» Action item:
Print the data exactly as written, but leave out each picture.

────

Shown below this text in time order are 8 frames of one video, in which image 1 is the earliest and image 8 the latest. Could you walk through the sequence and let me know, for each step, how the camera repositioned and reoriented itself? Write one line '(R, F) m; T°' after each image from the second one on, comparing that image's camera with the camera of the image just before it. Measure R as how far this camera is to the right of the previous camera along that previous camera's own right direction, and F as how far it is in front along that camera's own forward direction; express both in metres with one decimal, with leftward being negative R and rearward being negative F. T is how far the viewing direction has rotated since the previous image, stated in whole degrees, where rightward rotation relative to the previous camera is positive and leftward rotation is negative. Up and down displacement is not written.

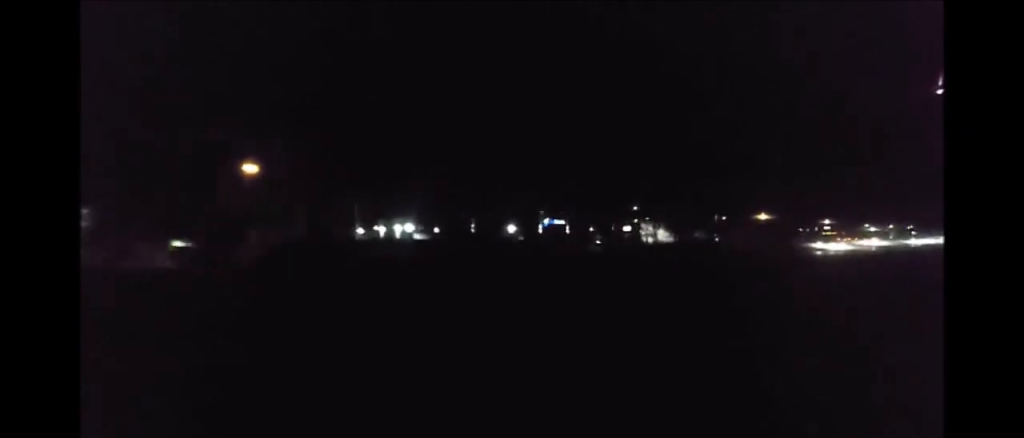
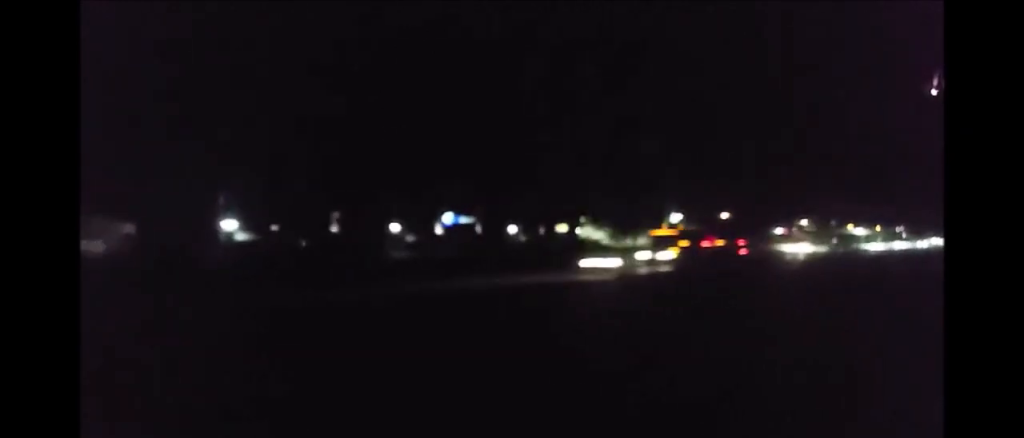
(+0.9, +33.9) m; +1°
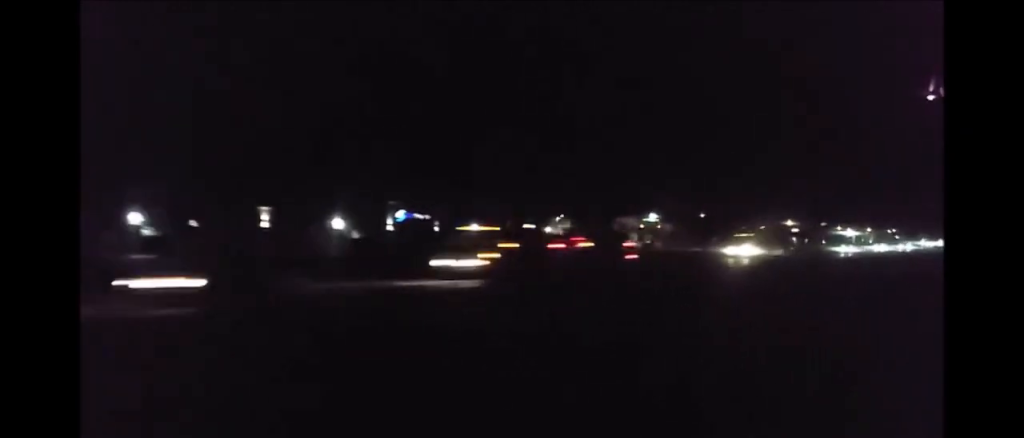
(-0.1, +13.9) m; 0°
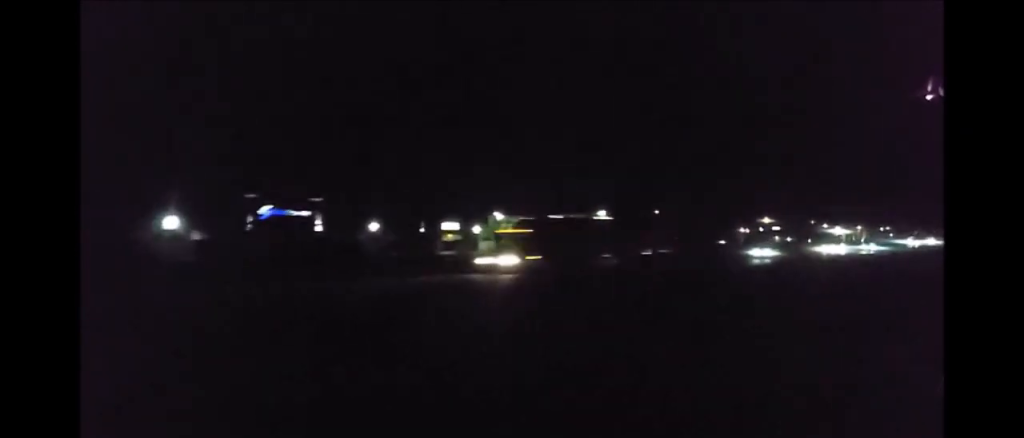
(-0.2, +28.9) m; 0°
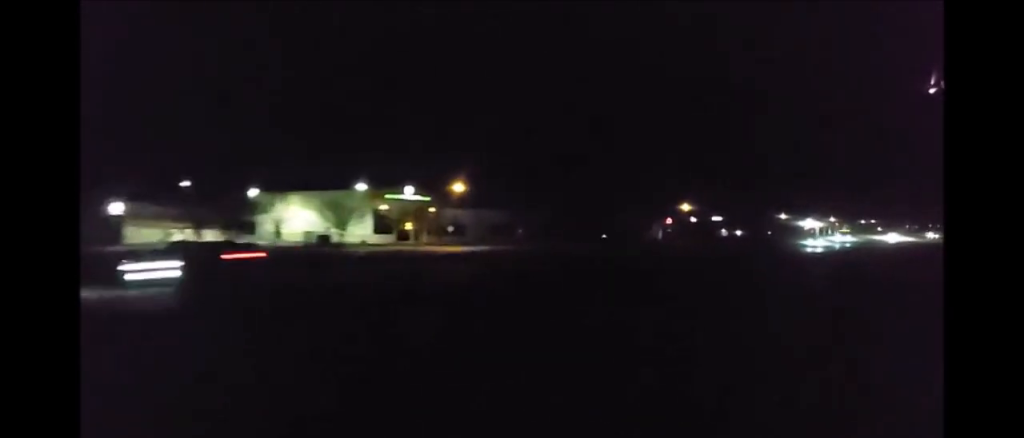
(+0.5, +72.5) m; 0°
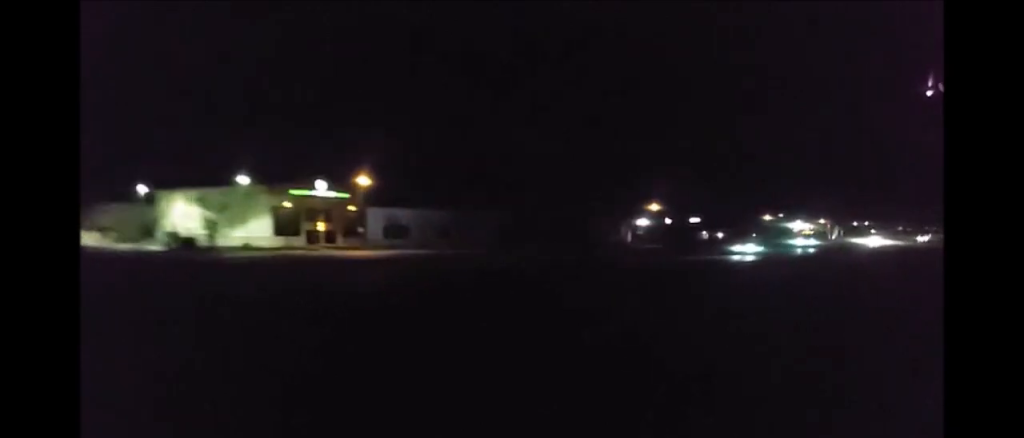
(0.0, +18.1) m; 0°
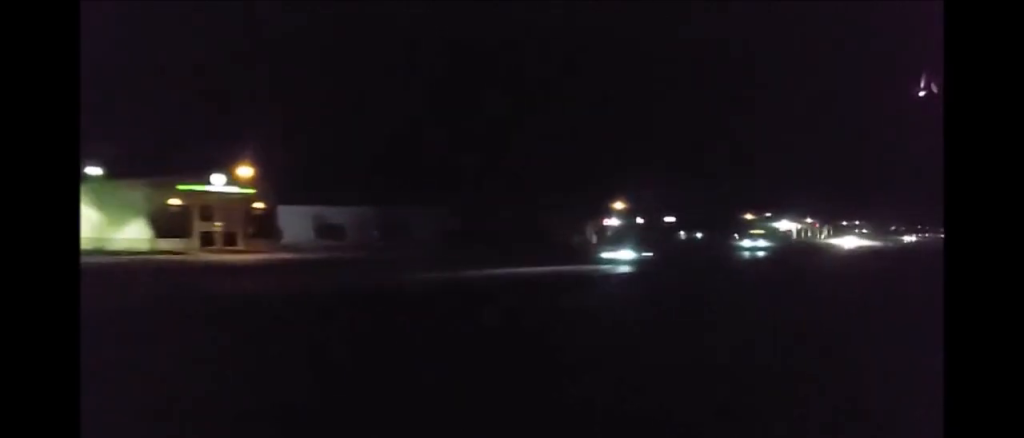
(-0.1, +15.9) m; -1°
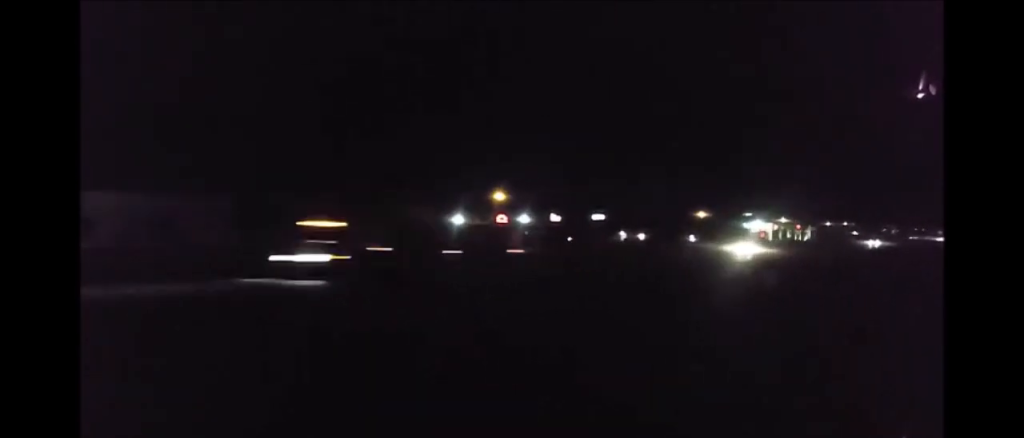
(-0.9, +43.3) m; 0°

────

» Your solution:
Shown below this text in time order are 8 frames of one video, in which image 1 is the earliest and image 8 the latest. Could you walk through the sequence and let me know, for each step, how the camera repositioned and reoriented itself? Write one line '(R, F) m; T°' after each image from the second one on, comparing that image's camera with the camera of the image just before it. Measure R as how far this camera is to the right of the previous camera along that previous camera's own right direction, and F as how far it is in front along that camera's own forward direction; express both in metres with one decimal, with leftward being negative R and rearward being negative F. T is how far the viewing direction has rotated since the previous image, stated in whole degrees, where rightward rotation relative to the previous camera is positive and leftward rotation is negative. Up and down displacement is not written.

(+0.9, +33.9) m; +1°
(-0.1, +13.9) m; 0°
(-0.2, +28.9) m; 0°
(+0.5, +72.5) m; 0°
(0.0, +18.1) m; 0°
(-0.1, +15.9) m; -1°
(-0.9, +43.3) m; 0°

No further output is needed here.